3.1.3 Arrays and Matrices

As opposed to linear data structures, multidimensional data structures are not very natural to SQL. In this chapter, we discuss two types of multidimensional data structure:

Arrays
Matrices

It is possible to implement such structures in SQL, but their manipulation soon becomes inefficient, and it is probably worthwhile considering an external implementation where feasible . If you need to perform an operation on arrays or matrices and if you are using MS SQL 2000, consider the TABLE datatype. It provides a convenient way to work with arrays; however, it is limited only to stored procedures and can be used only as temporary storage.

3.1.3.1 Arrays

An array is a multidimensional data structure that, rather than having just one value, can have many values associated with it. An array can have one or more dimensions. A one-dimensional array allows you to store a list of values. A two-dimensional array allows you to store a grid of values, essentially a list of lists. A three-dimensional array allows you to store a cube of values, and so forth. SQL programmers typically must make some compromises when working with arrays to achieve reasonable performance. The most widely used implementation of an array is to have one column in a table store the index of dimension in an array and have other columns store values for the element in question. In other words, each row in an array table stores the coordinates of one array element together with its values.
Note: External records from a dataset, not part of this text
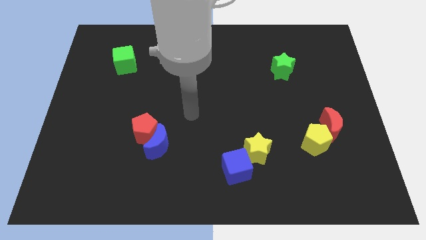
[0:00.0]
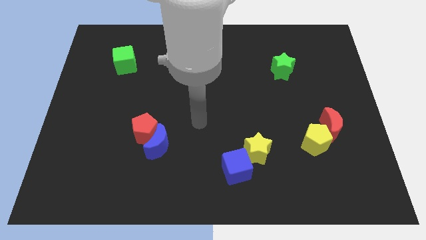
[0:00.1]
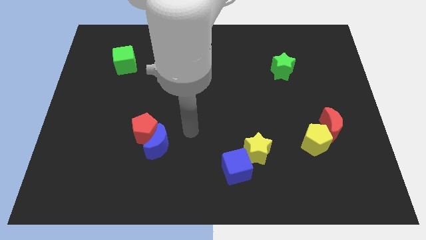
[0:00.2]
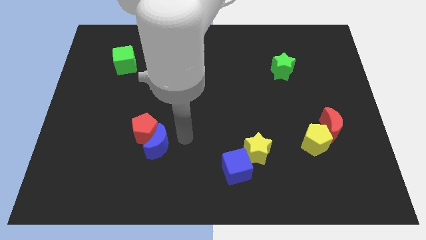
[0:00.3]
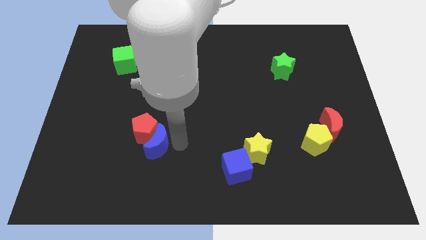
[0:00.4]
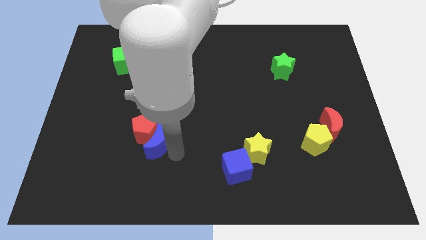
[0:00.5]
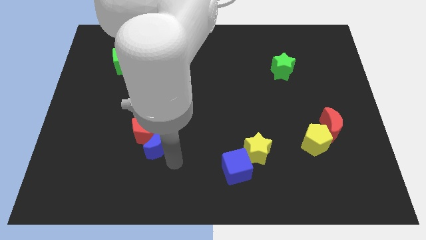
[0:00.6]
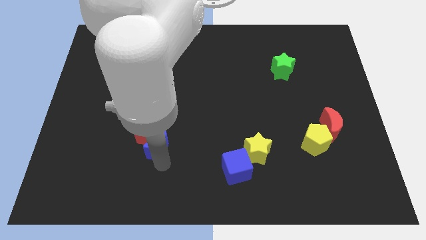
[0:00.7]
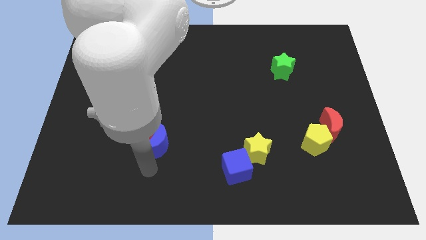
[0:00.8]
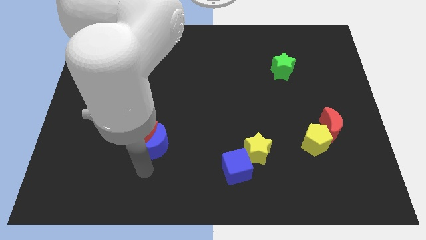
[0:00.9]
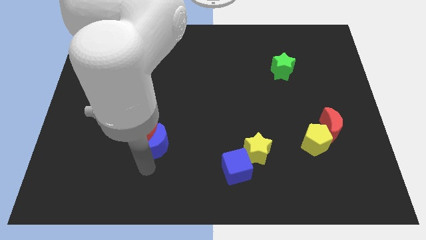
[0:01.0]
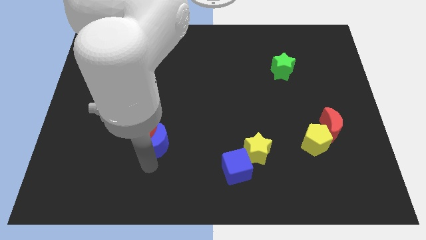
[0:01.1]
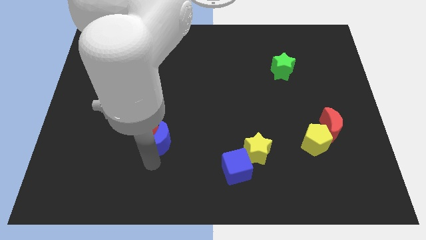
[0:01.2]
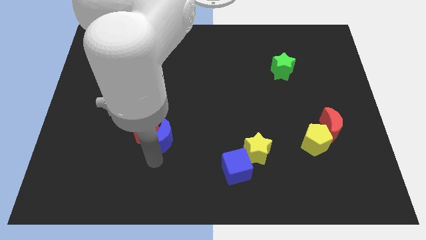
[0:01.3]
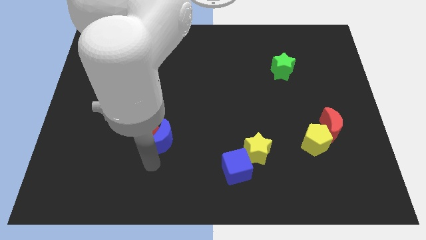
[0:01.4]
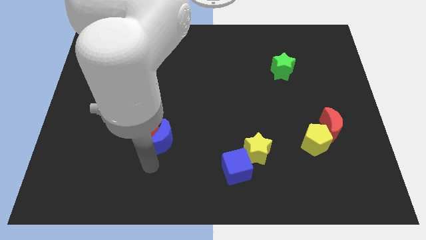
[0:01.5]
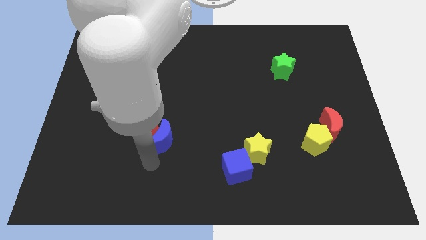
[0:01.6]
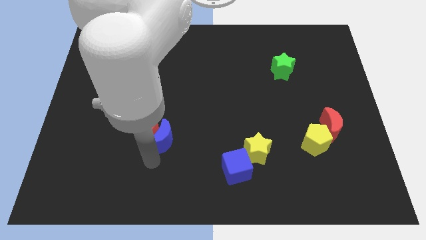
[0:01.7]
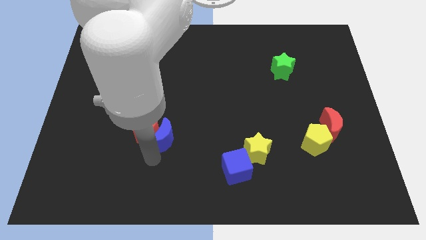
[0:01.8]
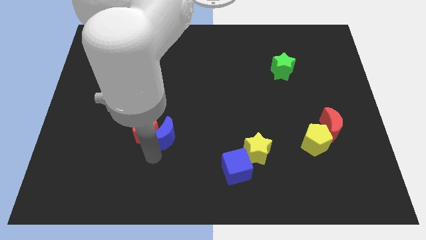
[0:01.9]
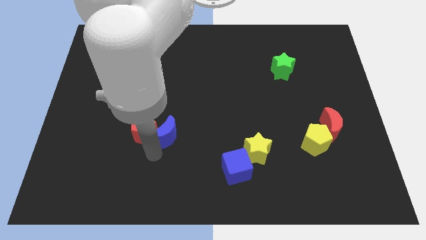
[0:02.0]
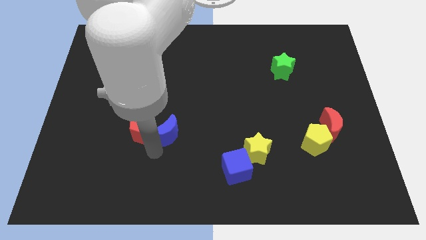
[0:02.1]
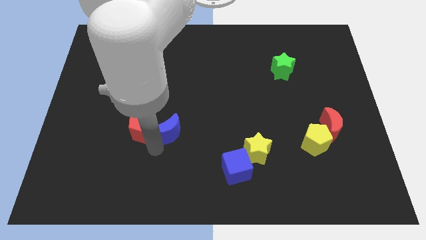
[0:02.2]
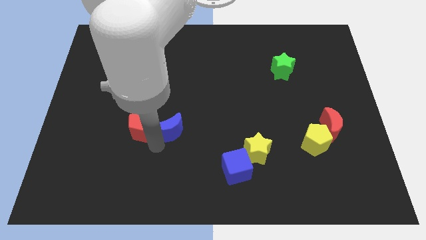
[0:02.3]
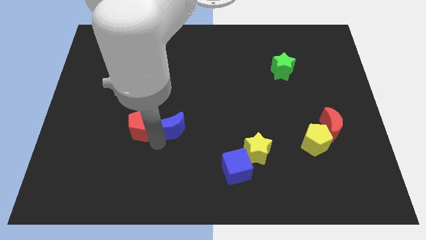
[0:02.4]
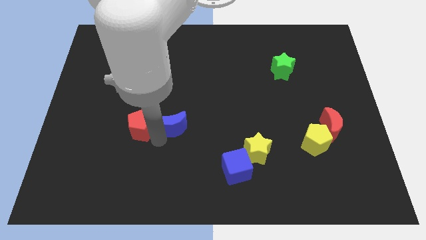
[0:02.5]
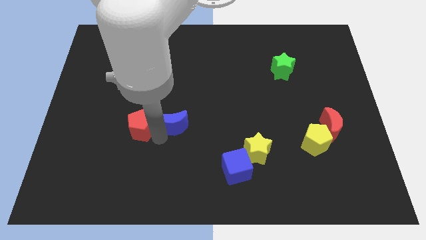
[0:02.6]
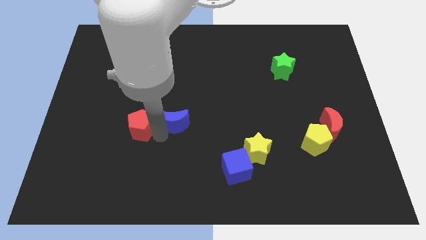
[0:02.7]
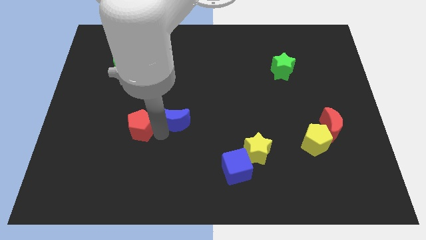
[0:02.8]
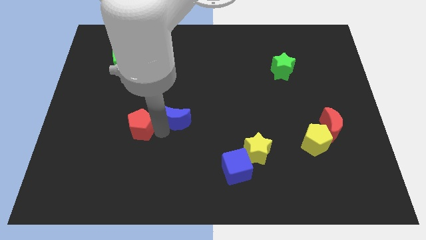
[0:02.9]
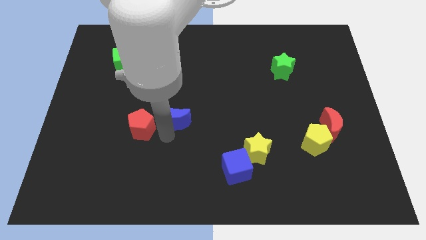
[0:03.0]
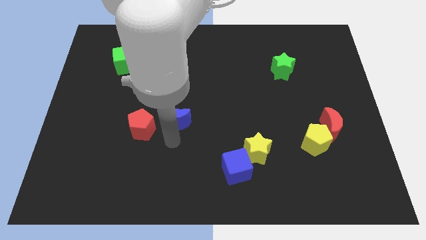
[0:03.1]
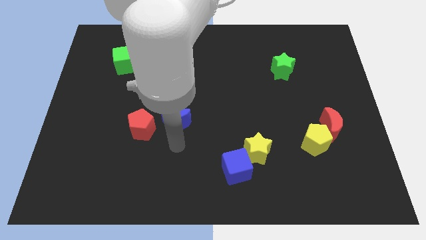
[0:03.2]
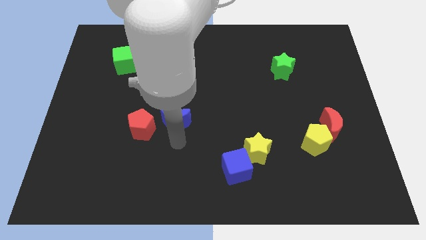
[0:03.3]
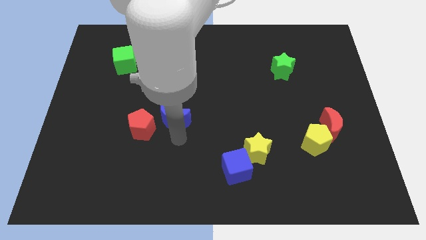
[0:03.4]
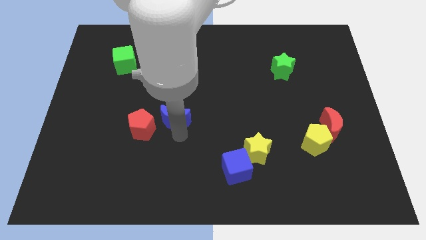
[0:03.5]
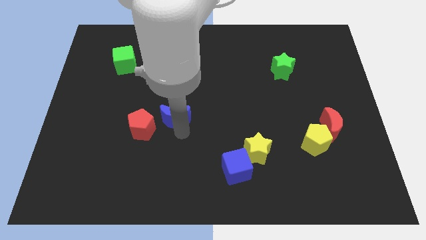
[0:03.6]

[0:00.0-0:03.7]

One of the biggest dangers when working with arrays is to break an array's structure. Therefore, you have to build some mechanism into your implementation to ensure that your array structures remain consistent. Otherwise, operations with arrays are fairly simple. The addition of a new element is as simple as an INSERT with new coordinates. Likewise, the removal of an element is as simple as executing a DELETE.

3.1.3.2 Matrices

A matrix is a special case of array. Matrices have only two dimensions, must be finite, and their indices must arithmetically increase (no gaps). We show operations on matrices to demonstrate that SQL can be used for algebraic operations. However, it is unlikely that you will have much use for matrices in business applications. In the recipes, we show you how to perform arithmetic operations on matrices, how to transpose matrices, how to print matrices, and more.

When working with matrices, SQL can be useful if you store a large number of small matrices in one table. An advantage over other languages is that SQL can easily perform an operation on many elements of a matrix. Other programming languages require you to use a FOR loop or some other kind of looping mechanism to step through all elements of a matrix to perform the operation.